We all have different sets of goal in our life, and most of the time, there are different approaches to achieve these goals. One of such important goal is to have a balanced diet, and it has additional constraint of the tight budget in this pandemic.
In this article, I will discuss the way we can model our diet requirement with different constraints like budget, energy and fat requirements etc. and get the most optimised diet plan recommendation.
Let us assume that I like to have meat, eggs, broccoli, milk, apple, rice and potatoes. Below table shows the calorie and nutrient content of these food items.
Objective: I would like to have the most economical lunch to get a minimum of 1100 calories energy, less than 30 gm fat, less than 80 gm of carbohydrate, less than 5 gm of sugar.
We will PuLP to solve our diet optimisation goal. PuLP is an LP modeller written in Python.
from pulp import *
We aim to have a balanced diet lunch most economically, hence it is LpMinimize optimisation problem.
To model problem, we will define each food items I like as a variable. As we cannot have negative apples or eggs etc. hence lowBound is mentioned as zero. Also, the restaurant doesn’t allow to order half egg or three-quarter apple etc. hence we have put a constraint that the solution should be an integer.
meat=LpVariable("Meat", lowBound=0, cat="Integer")
broccoli=LpVariable("Broccoli", lowBound=0, cat="Integer")
milk=LpVariable("Milk", lowBound=0, cat="Integer")
apple=LpVariable("Apple", lowBound=0, cat="Integer")
rice=LpVariable("Rice", lowBound=0, cat="Integer")
potato=LpVariable("Potato", lowBound=0, cat="Integer")
egg=LpVariable("Egg", lowBound=0, cat="Integer")
As our objective is to have the most economical lunch and within all the dietary constraints hence first we will append the objective function i.e. price of each food item multiplied by the number of food items to the model.

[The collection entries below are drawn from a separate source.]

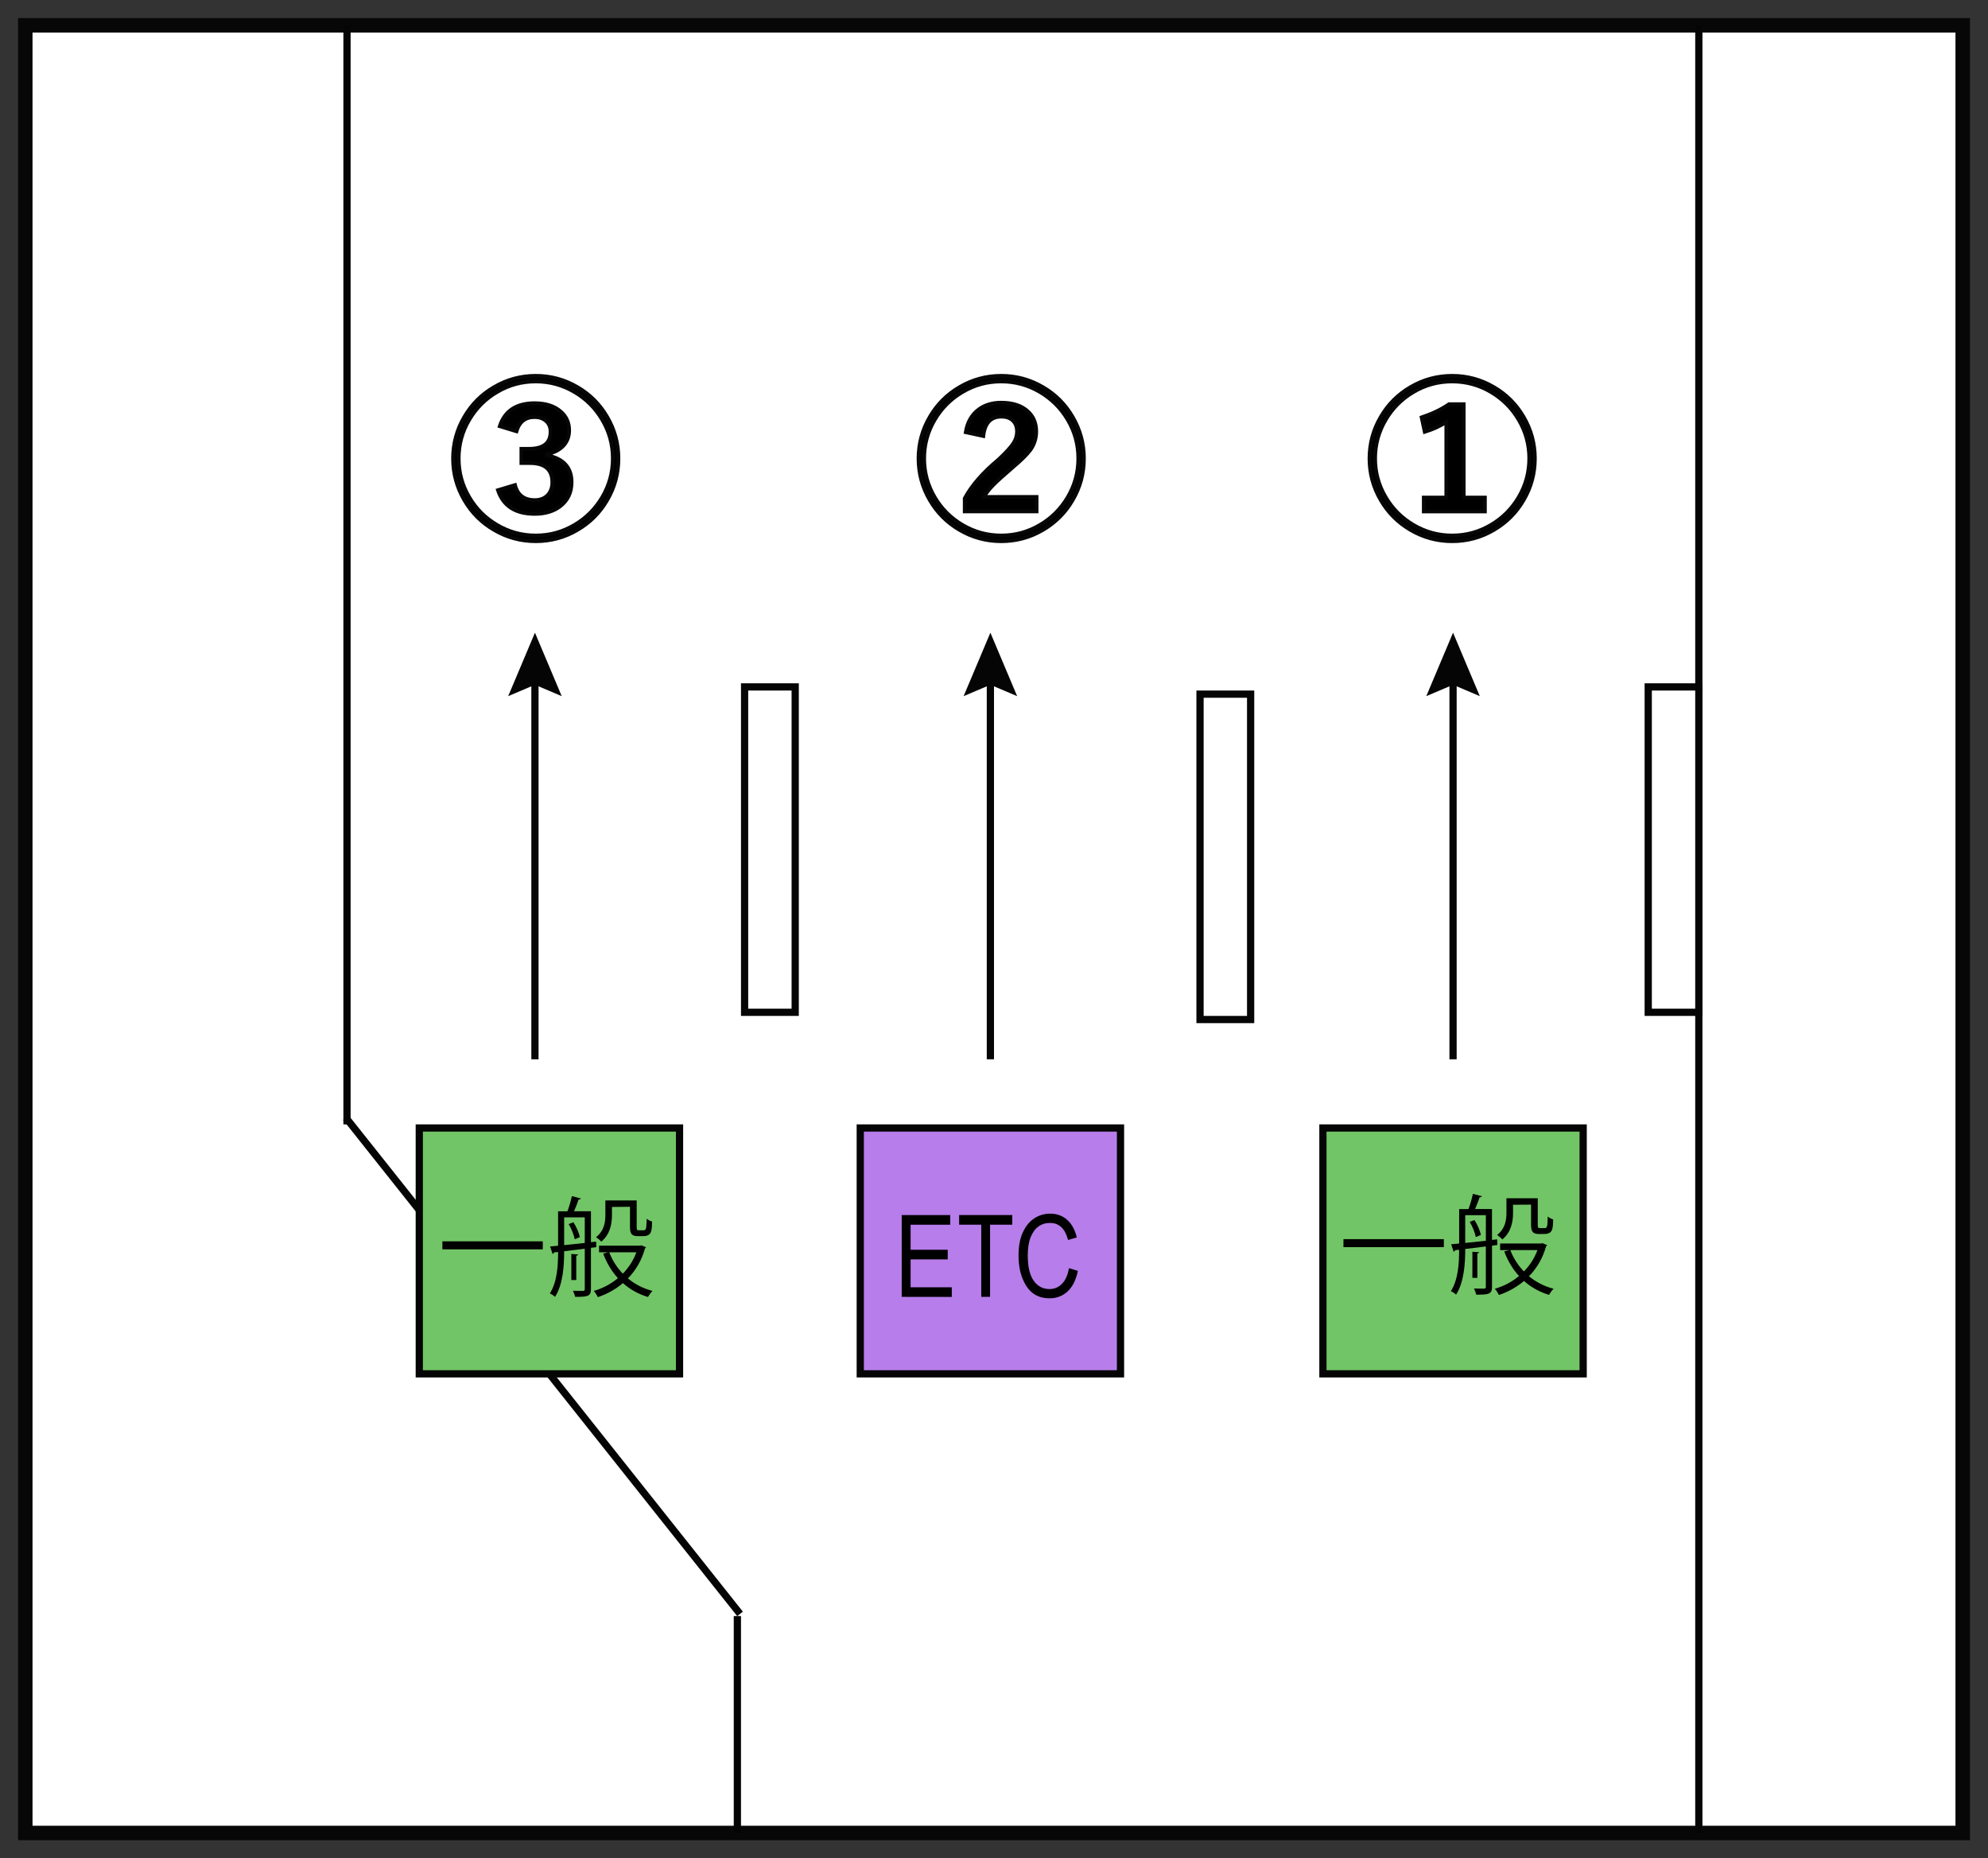 <?xml version="1.0" encoding="utf-8"?>
<!-- Generator: Adobe Illustrator 15.1.0, SVG Export Plug-In . SVG Version: 6.00 Build 0)  -->
<!DOCTYPE svg PUBLIC "-//W3C//DTD SVG 1.1//EN" "http://www.w3.org/Graphics/SVG/1.1/DTD/svg11.dtd">
<svg version="1.1" id="レイヤー_1" xmlns="http://www.w3.org/2000/svg" xmlns:xlink="http://www.w3.org/1999/xlink" x="0px"
	 y="0px" width="275px" height="257px" viewBox="0 -1 275 257" enable-background="new 0 -1 275 257" xml:space="preserve">
<rect x="0" y="-1" width="275" height="257" fill="#333333" stroke="none"/>
<rect x="3.5" y="2.5" fill="#FFFFFF" stroke="#070707" stroke-width="2" stroke-miterlimit="10" width="268" height="250"/>
<line fill="none" stroke="#050505" stroke-miterlimit="10" x1="47.848" y1="153.582" x2="102.37" y2="222.199"/>
<line fill="none" stroke="#050505" stroke-miterlimit="10" x1="235" y1="2.5" x2="235" y2="252.5"/>
<line fill="none" stroke="#050505" stroke-miterlimit="10" x1="102" y1="222.5" x2="102" y2="252.5"/>
<line fill="none" stroke="#050505" stroke-miterlimit="10" x1="48" y1="2.5" x2="48" y2="154.5"/>
<path stroke="#070707" stroke-width="0.5" stroke-miterlimit="10" d="M138.5,50.966c2.07,0,3.996,0.521,5.777,1.57
	c1.727,1.008,3.094,2.375,4.102,4.104c1.047,1.779,1.57,3.707,1.57,5.771c0,2.068-0.521,3.996-1.57,5.775
	c-1.008,1.729-2.375,3.094-4.102,4.104c-1.781,1.051-3.709,1.568-5.777,1.568c-2.069,0-3.996-0.52-5.777-1.568
	c-1.727-1.01-3.094-2.375-4.102-4.104c-1.047-1.781-1.57-3.707-1.57-5.775c0-2.063,0.521-3.996,1.57-5.771
	c1.008-1.729,2.375-3.096,4.102-4.104C134.502,51.489,136.43,50.966,138.5,50.966z M138.5,51.764c-1.922,0-3.711,0.479-5.367,1.465
	c-1.604,0.945-2.875,2.219-3.82,3.82c-0.978,1.645-1.465,3.438-1.465,5.354c0,1.936,0.488,3.711,1.465,5.367
	c0.945,1.604,2.22,2.875,3.82,3.816c1.656,0.979,3.445,1.467,5.367,1.467s3.711-0.486,5.367-1.467
	c1.604-0.941,2.875-2.229,3.82-3.816c0.977-1.656,1.465-3.445,1.465-5.367c0-1.922-0.488-3.711-1.465-5.354
	c-0.945-1.605-2.226-2.875-3.82-3.82C142.209,52.251,140.42,51.764,138.5,51.764z M133.578,58.782
	c0.227-1.391,0.828-2.441,1.805-3.164c0.844-0.625,1.883-0.938,3.117-0.938c1.563,0,2.785,0.395,3.668,1.188
	c0.789,0.711,1.184,1.646,1.184,2.803c0,0.943-0.271,1.801-0.815,2.563c-0.453,0.613-1.277,1.43-2.476,2.439
	c-1.271,1.096-2.157,1.895-2.646,2.395c-0.555,0.564-0.984,1.105-1.289,1.646h7.273v2.02h-9.958v-1.811
	c0.944-1.768,2.5-3.557,4.665-5.361c1.068-0.992,1.779-1.773,2.129-2.355c0.289-0.479,0.438-0.979,0.438-1.52
	c0-0.689-0.215-1.217-0.646-1.582c-0.375-0.318-0.875-0.48-1.5-0.48c-1.468,0-2.3,0.896-2.497,2.689L133.578,58.782z"/>
<path stroke="#070707" stroke-width="0.5" stroke-miterlimit="10" d="M200.881,50.966c2.068,0,3.996,0.521,5.775,1.57
	c1.729,1.008,3.096,2.375,4.104,4.104c1.047,1.779,1.57,3.707,1.57,5.771c0,2.068-0.523,3.996-1.57,5.775
	c-1.008,1.729-2.375,3.094-4.104,4.104c-1.779,1.051-3.707,1.568-5.775,1.568c-2.07,0-3.996-0.52-5.777-1.568
	c-1.727-1.01-3.094-2.375-4.102-4.104c-1.047-1.781-1.57-3.707-1.57-5.775c0-2.063,0.523-3.996,1.57-5.771
	c1.008-1.729,2.375-3.096,4.102-4.104C196.885,51.489,198.811,50.966,200.881,50.966z M200.881,51.764
	c-1.922,0-3.711,0.479-5.367,1.465c-1.602,0.945-2.875,2.219-3.818,3.82c-0.979,1.645-1.467,3.438-1.467,5.354
	c0,1.936,0.488,3.711,1.467,5.367c0.943,1.604,2.222,2.875,3.818,3.816c1.656,0.979,3.445,1.467,5.367,1.467
	s3.711-0.486,5.367-1.467c1.602-0.941,2.875-2.229,3.818-3.816c0.979-1.656,1.465-3.445,1.465-5.367
	c0-1.922-0.486-3.711-1.465-5.354c-0.943-1.605-2.221-2.875-3.818-3.82C204.592,52.251,202.803,51.764,200.881,51.764z
	 M202.484,54.891v12.914h2.933v1.938h-8.476v-1.938h3.117V57.366c-0.809,0.549-1.797,1.004-2.979,1.371l-0.437-2.018
	c1.519-0.521,2.779-1.117,3.797-1.828H202.484L202.484,54.891z"/>
<rect x="228" y="94" fill="#FFFFFF" stroke="#050505" stroke-miterlimit="10" width="7" height="45"/>
<rect x="103" y="94" fill="#FFFFFF" stroke="#050505" stroke-miterlimit="10" width="7" height="45"/>
<g>
	<rect x="183" y="155" fill="#72C566" stroke="#050505" stroke-miterlimit="10" width="36" height="34"/>
	<path d="M185.84,170.375h13.889v1.104H185.84V170.375z"/>
	<path d="M207.123,171.182l-0.734,0.092v5.699c0,1.021-0.465,1.08-2.188,1.08c-0.045-0.24-0.18-0.605-0.301-0.855
		c0.66,0.021,1.229,0.021,1.381,0.021c0.193,0,0.254-0.064,0.254-0.254v-5.58l-2.85,0.348c0,1.965-0.15,4.59-1.265,6.313
		c-0.146-0.146-0.51-0.396-0.719-0.479c1.028-1.621,1.139-3.916,1.139-5.729l-0.565,0.063c-0.019,0.121-0.104,0.188-0.193,0.211
		l-0.346-1.032l1.109-0.104v-4.763h1.291c0.235-0.629,0.489-1.5,0.608-2.104l1.244,0.33c-0.026,0.09-0.146,0.146-0.313,0.146
		c-0.15,0.438-0.393,1.104-0.633,1.621h2.342v4.271l0.721-0.074L207.123,171.182z M202.684,167.057v3.842l2.854-0.301v-3.541
		H202.684z M204.152,170.088c-0.118-0.586-0.448-1.438-0.84-2.104l0.646-0.256c0.42,0.631,0.778,1.479,0.897,2.063L204.152,170.088z
		 M204.617,172.186c-0.014,0.09-0.072,0.146-0.254,0.164v3.375h-0.689v-3.613L204.617,172.186z M213.363,170.928l0.645,0.266
		c-0.029,0.095-0.09,0.109-0.135,0.164c-0.479,1.689-1.305,3.064-2.369,4.146c0.959,0.795,2.1,1.395,3.404,1.729
		c-0.211,0.189-0.479,0.586-0.631,0.845c-1.334-0.396-2.488-1.056-3.465-1.923c-1.021,0.867-2.205,1.521-3.465,1.939
		c-0.119-0.238-0.359-0.646-0.57-0.855c1.201-0.346,2.354-0.938,3.346-1.77c-0.869-0.943-1.561-2.105-2.039-3.396l0.705-0.182
		h-1.275v-0.916h5.67L213.363,170.928z M209.299,165.615v1.156c0,1.17-0.256,2.651-1.484,3.646c-0.146-0.188-0.51-0.494-0.721-0.614
		c1.125-0.886,1.291-2.064,1.291-3.064v-2.02h4.334v3.563c0,0.518,0.029,0.569,0.33,0.569h0.465c0.135,0,0.285,0,0.346-0.045
		c0.209-0.121,0.209-0.586,0.238-1.563c0.182,0.166,0.496,0.327,0.75,0.399c-0.029,1.334-0.059,2.017-1.244,2.017h-0.75
		c-1.063,0-1.063-0.66-1.063-1.479v-2.58L209.299,165.615L209.299,165.615z M208.924,171.887c0.42,1.107,1.064,2.115,1.875,2.955
		c0.795-0.813,1.455-1.801,1.875-2.955H208.924z"/>
</g>
<rect x="166" y="95" fill="#FFFFFF" stroke="#050505" stroke-miterlimit="10" width="7" height="45"/>
<g>
	<rect x="58" y="155" fill="#72C566" stroke="#050505" stroke-miterlimit="10" width="36" height="34"/>
	<path d="M61.195,170.676h13.889v1.107H61.195V170.676z"/>
	<path d="M82.479,171.484l-0.734,0.09v5.701c0,1.021-0.465,1.08-2.189,1.08c-0.045-0.24-0.18-0.604-0.301-0.842
		c0.66,0.016,1.23,0.016,1.381,0.016c0.195,0,0.254-0.061,0.254-0.254v-5.58l-2.85,0.348c0,1.965-0.15,4.59-1.26,6.313
		c-0.15-0.146-0.51-0.396-0.719-0.479c1.032-1.619,1.139-3.914,1.139-5.729l-0.57,0.063c-0.014,0.117-0.104,0.182-0.193,0.209
		l-0.346-1.033l1.109-0.104v-4.758h1.291c0.24-0.629,0.494-1.5,0.613-2.104l1.244,0.33c-0.027,0.093-0.148,0.146-0.313,0.146
		c-0.15,0.451-0.392,1.1-0.632,1.621h2.341v4.271l0.721-0.069L82.479,171.484z M78.039,167.359v3.84l2.85-0.299v-3.541H78.039z
		 M79.508,170.391c-0.119-0.586-0.449-1.438-0.84-2.104l0.646-0.258c0.42,0.633,0.778,1.479,0.896,2.064L79.508,170.391z
		 M79.973,172.49c-0.015,0.092-0.072,0.15-0.255,0.164v3.375H79.03v-3.611L79.973,172.49z M88.718,171.23l0.646,0.256
		c-0.028,0.092-0.09,0.119-0.135,0.164c-0.479,1.695-1.305,3.063-2.369,4.154c0.959,0.795,2.101,1.396,3.404,1.729
		c-0.211,0.191-0.479,0.584-0.631,0.84c-1.334-0.396-2.488-1.051-3.465-1.92c-1.021,0.869-2.205,1.521-3.465,1.938
		c-0.119-0.229-0.359-0.646-0.57-0.854c1.201-0.346,2.355-0.938,3.346-1.771c-0.869-0.938-1.562-2.104-2.039-3.39l0.705-0.188H82.87
		v-0.916h5.67L88.718,171.23z M84.654,165.92v1.154c0,1.17-0.256,2.652-1.484,3.646c-0.15-0.189-0.51-0.494-0.721-0.615
		c1.125-0.885,1.291-2.069,1.291-3.063v-2.021h4.334v3.563c0,0.521,0.029,0.566,0.33,0.566h0.465c0.135,0,0.285,0,0.346-0.045
		c0.209-0.117,0.209-0.586,0.238-1.563c0.182,0.164,0.496,0.324,0.75,0.397c-0.029,1.334-0.059,2.017-1.244,2.017h-0.75
		c-1.064,0-1.064-0.647-1.064-1.478v-2.58L84.654,165.92L84.654,165.92z M84.279,172.189c0.42,1.104,1.063,2.115,1.875,2.955
		c0.795-0.813,1.455-1.801,1.875-2.955H84.279z"/>
</g>
<path stroke="#070707" stroke-width="0.5" stroke-miterlimit="10" d="M74.109,50.966c2.07,0,3.996,0.521,5.777,1.57
	c1.729,1.008,3.094,2.375,4.104,4.104c1.047,1.779,1.568,3.707,1.568,5.771c0,2.068-0.521,3.996-1.568,5.775
	c-1.008,1.729-2.375,3.094-4.104,4.104c-1.781,1.051-3.707,1.568-5.777,1.568c-2.068,0-3.996-0.52-5.775-1.568
	c-1.729-1.01-3.096-2.375-4.104-4.104c-1.047-1.781-1.569-3.707-1.569-5.775c0-2.063,0.522-3.996,1.569-5.771
	c1.008-1.729,2.375-3.096,4.104-4.104C70.113,51.489,72.04,50.966,74.109,50.966z M74.109,51.764c-1.922,0-3.711,0.479-5.366,1.465
	c-1.603,0.945-2.875,2.219-3.819,3.82c-0.979,1.645-1.465,3.438-1.465,5.354c0,1.936,0.486,3.711,1.465,5.367
	c0.944,1.604,2.219,2.875,3.819,3.816c1.655,0.979,3.444,1.467,5.366,1.467c1.923,0,3.711-0.486,5.367-1.467
	c1.603-0.941,2.875-2.229,3.819-3.816c0.978-1.656,1.466-3.445,1.466-5.367c0-1.922-0.488-3.711-1.466-5.354
	c-0.944-1.605-2.219-2.875-3.819-3.82C77.82,52.251,76.031,51.764,74.109,51.764z M69.117,57.95
	c0.695-2.133,2.313-3.197,4.841-3.197c1.547,0,2.763,0.396,3.646,1.188c0.758,0.672,1.137,1.521,1.137,2.564
	c0,0.924-0.309,1.688-0.926,2.27c-0.531,0.508-1.246,0.855-2.146,1.043v0.146c2.272,0.438,3.409,1.678,3.409,3.717
	c0,1.43-0.53,2.539-1.594,3.354c-0.922,0.695-2.096,1.043-3.518,1.043c-2.672,0-4.371-1.104-5.098-3.293l2.379-0.715
	c0.354,1.395,1.266,2.086,2.742,2.086c0.766,0,1.371-0.246,1.816-0.736c0.391-0.443,0.586-1.021,0.586-1.711
	c0-1.771-1.027-2.658-3.082-2.658h-1.195v-1.99h1.055c1.984,0,2.979-0.779,2.979-2.355c0-0.664-0.233-1.18-0.703-1.547
	c-0.393-0.313-0.893-0.471-1.5-0.471c-1.268,0-2.1,0.645-2.496,1.971L69.117,57.95z"/>
<g>
	<g>
		<line fill="none" stroke="#050505" stroke-miterlimit="10" x1="74" y1="92.5" x2="74" y2="145.5"/>
		<g>
			<polygon fill="#050505" points="70.297,95.278 74,93.705 77.703,95.278 74,86.5 			"/>
		</g>
	</g>
</g>
<g>
	<g>
		<line fill="none" stroke="#050505" stroke-miterlimit="10" x1="137" y1="92.5" x2="137" y2="145.5"/>
		<g>
			<polygon fill="#050505" points="133.297,95.278 137,93.705 140.703,95.278 137,86.5 			"/>
		</g>
	</g>
</g>
<g>
	<g>
		<line fill="none" stroke="#050505" stroke-miterlimit="10" x1="201" y1="92.5" x2="201" y2="145.5"/>
		<g>
			<polygon fill="#050505" points="197.297,95.278 201,93.705 204.703,95.278 201,86.5 			"/>
		</g>
	</g>
</g>
<g>
	<rect x="119" y="155" fill="#B77DEA" stroke="#050505" stroke-miterlimit="10" width="36" height="34"/>
	<path d="M135.738,178.354v-9.979h-3.063v-1.336h7.354v1.336h-3.073v9.979H135.738z"/>
	<path d="M124.734,178.354v-11.313h6.711v1.336h-5.482v3.461h5.135v1.336h-5.135v3.854h5.699v1.336L124.734,178.354L124.734,178.354
		z"/>
	<path d="M147.869,174.384l1.236,0.378c-0.273,1.271-0.75,2.229-1.438,2.854c-0.686,0.625-1.512,0.938-2.486,0.938
		c-0.854,0-1.6-0.211-2.203-0.633c-0.611-0.424-1.109-1.098-1.498-2.021c-0.395-0.938-0.584-2.021-0.584-3.281
		c0-1.246,0.19-2.305,0.584-3.164c0.389-0.854,0.916-1.521,1.58-1.951c0.664-0.438,1.402-0.656,2.227-0.656
		c0.895,0,1.666,0.271,2.311,0.836c0.646,0.563,1.096,1.375,1.354,2.449l-1.205,0.354c-0.412-1.563-1.238-2.354-2.479-2.354
		c-0.619,0-1.154,0.154-1.604,0.479c-0.455,0.313-0.813,0.813-1.088,1.479s-0.404,1.521-0.404,2.541
		c0,1.558,0.271,2.718,0.815,3.484c0.548,0.771,1.271,1.159,2.179,1.159c0.67,0,1.248-0.229,1.729-0.715
		C147.379,176.074,147.706,175.354,147.869,174.384z"/>
</g>
</svg>

Next, we will append the dietary constraints to the model like the minimum energy requirement of 1100 calories, less than 30 gms of fats etc.
prob +=0*meat+7*broccoli+5*milk+14*apple+28*rice+17*potato+1.1*egg <=80
After the modelling is completed, we will initiate the optimisation with the solve () method.
In the below code, the objective function i.e. meal price is rounded to two decimal places.
print("Balanced Lunch can be done with £ ", round(value(prob.objective),2))
To order a meal satisfying all the dietary requirement we need to spend a minimum of £ 18.3.
In the below code we are checking the values of each decision variable to get the itemised menu which we need to order.
print("Portion of Meat is ",value(meat))
print("Portion of Broccoli is ",value(broccoli))
print("Portion of Milk is ",value(milk))
print("Portion of Apple is ",value(apple))
print("Portion of Rice is ",value(rice))
print("Portion of Potato is ",value(potato))
print("Portion of Egg is ",value(egg))
It appears that five portions of meat ( we consider each portion of 100 gm), two portions of rice and one egg is the most economical order to meet the dietary requirement we mentioned earlier.
The parameter which we want to optimise is the objective function. In the scenario discussed in this article, our goal was to order a balanced diet most economically. If we want to optimise profit then naturally we want to maximise it as much possible, and we build the model with LpMaximize.
The values of the parameters which we need to set to meet the objective functions are known as decision variables. In the scenario discussed in this article, it is the number of food items to order.
Constraints, as the name suggests, are the restrictions which need to respect while finding the most optimal solution.
We can scale the model illustrated in this article to include everyday grocery we buy, prices and daily recommended nutrient requirements, constraints as discussed, and then use optimisation solver to get optimal shopping recommendation.
I hope this article provided you with an approach to shop and order food to meet the dietary requirement most economically from a budgetary standpoint.